= Gross-Wien =

Waltz by Johann Strauss II

Gross-Wien Op. 440 is a waltz by Johann Strauss II written in 1891 and was a choral waltz for the Wiener Männergesang-Verein (Vienna Men's Choral Association) during the Vienna Fasching (Carnival) of the same year. The text for the choral version of the waltz was by Franz von Gernerth.
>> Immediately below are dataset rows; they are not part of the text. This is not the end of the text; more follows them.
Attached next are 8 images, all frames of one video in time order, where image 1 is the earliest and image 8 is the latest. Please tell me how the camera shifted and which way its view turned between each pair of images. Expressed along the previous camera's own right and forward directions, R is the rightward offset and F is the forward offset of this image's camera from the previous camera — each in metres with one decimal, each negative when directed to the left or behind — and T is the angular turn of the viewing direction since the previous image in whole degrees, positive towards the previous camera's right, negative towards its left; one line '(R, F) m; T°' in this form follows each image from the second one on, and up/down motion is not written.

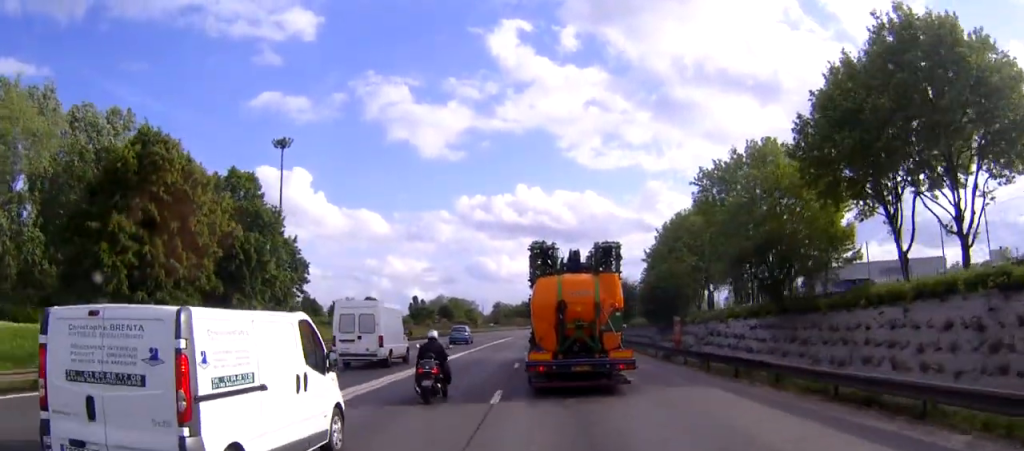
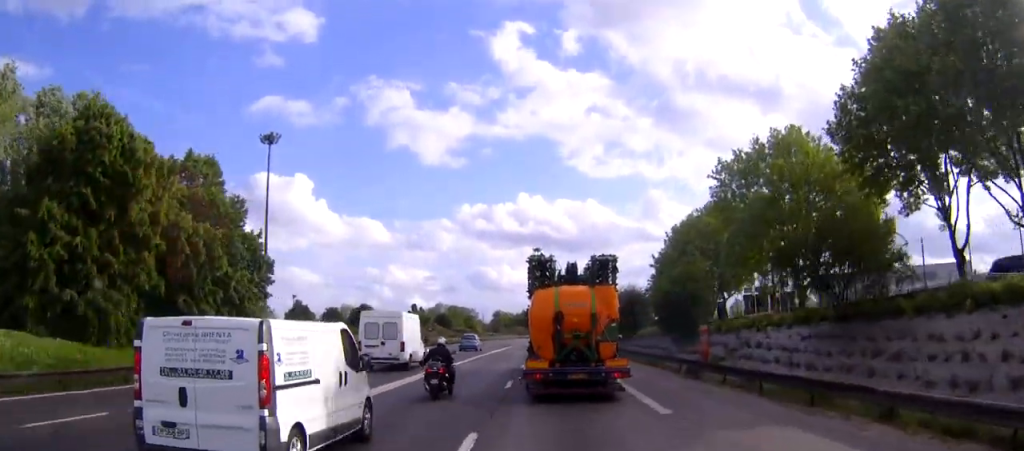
(0.0, +6.8) m; 0°
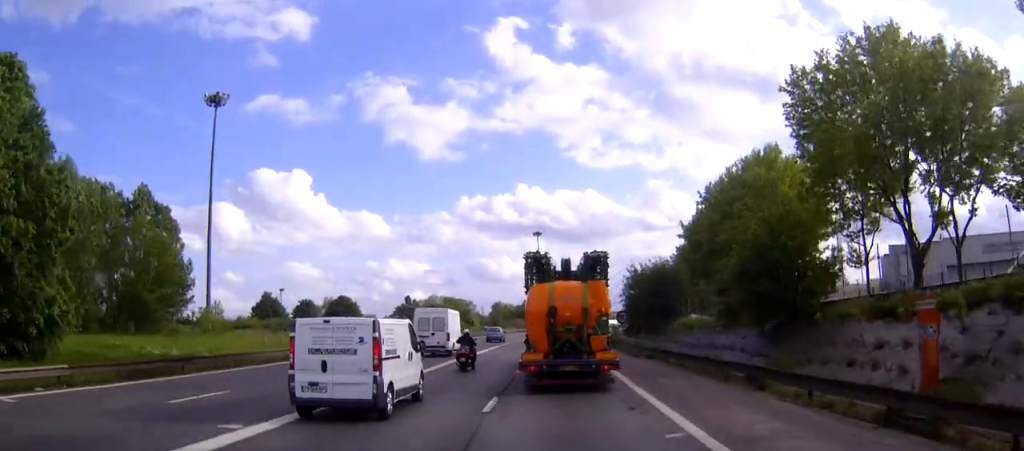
(+0.2, +20.1) m; +2°
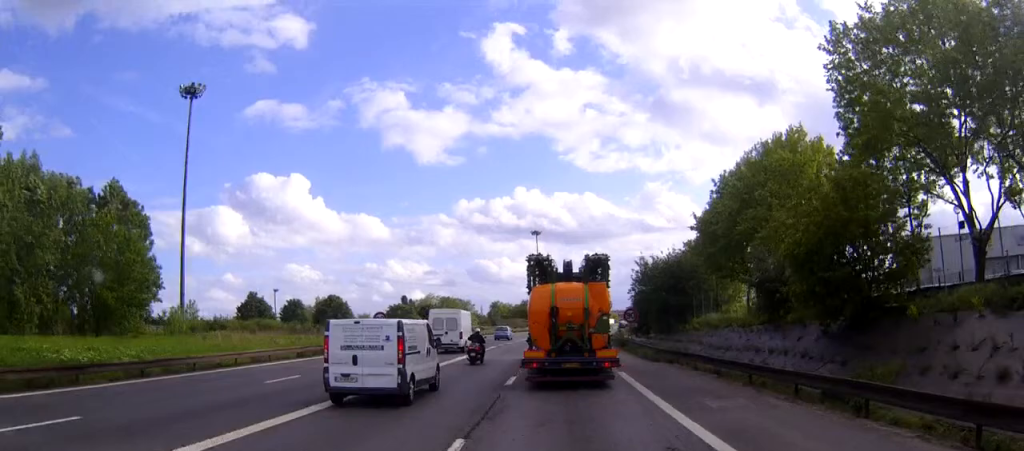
(+0.1, +6.9) m; +1°
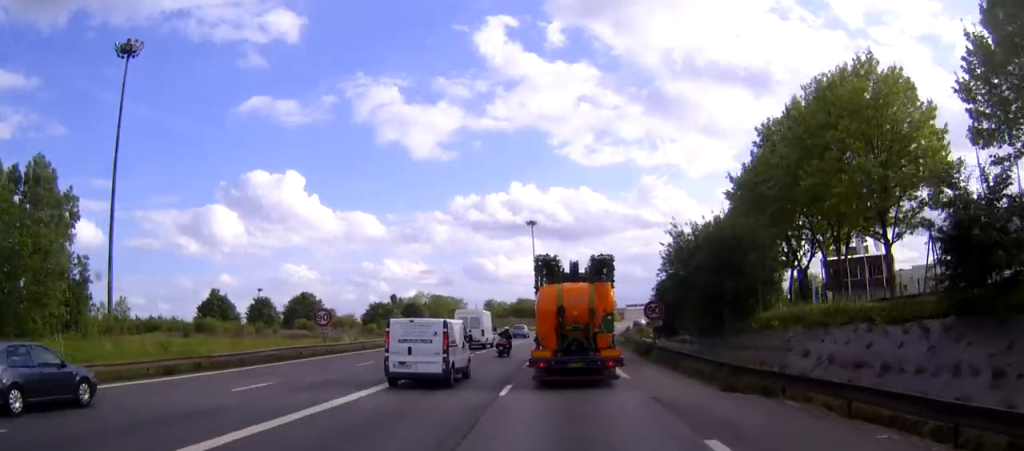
(+0.2, +15.1) m; +1°
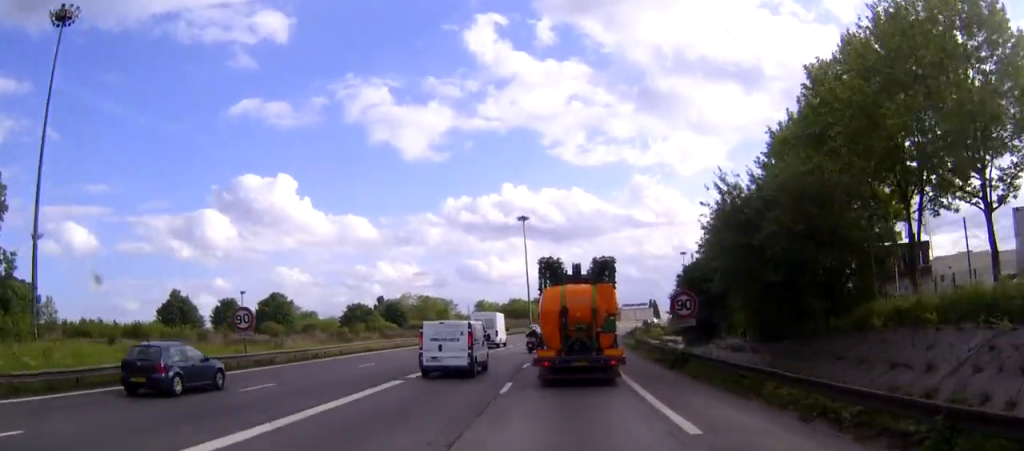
(+0.1, +12.1) m; +1°
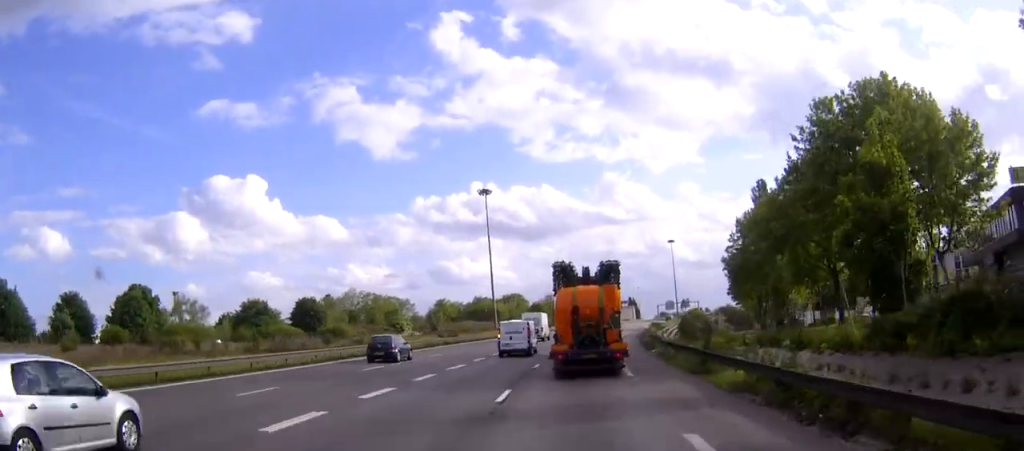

The waltz's title was a chronicle of events in and around Vienna as the Imperial City underwent vast development through the years. Although the waltz was intended as a choral work for the association, its first performance was actually at the Vienna Prater, on 10 May 1891 for a 'Monster Concert' of over 500 musicians from the combined military orchestras of Vienna under Strauss' baton. The premiere of the waltz in its orchestral version was also without chorus, as the planned performance with chorus had been delayed until 4 October of the same year, taking place at the Sängerhalle under the direction of chorus-master Eduard Kremser.

The first performance at the Prater was also attended by the Austrian ruling family, as well as the King and Queen of Denmark and the Duke and Duchess of Cumberland. Strauss' waltz brims with a confidence typical of his maturity, containing musical ideas that are never trite, although he wrote waltzes at a prodigious rate.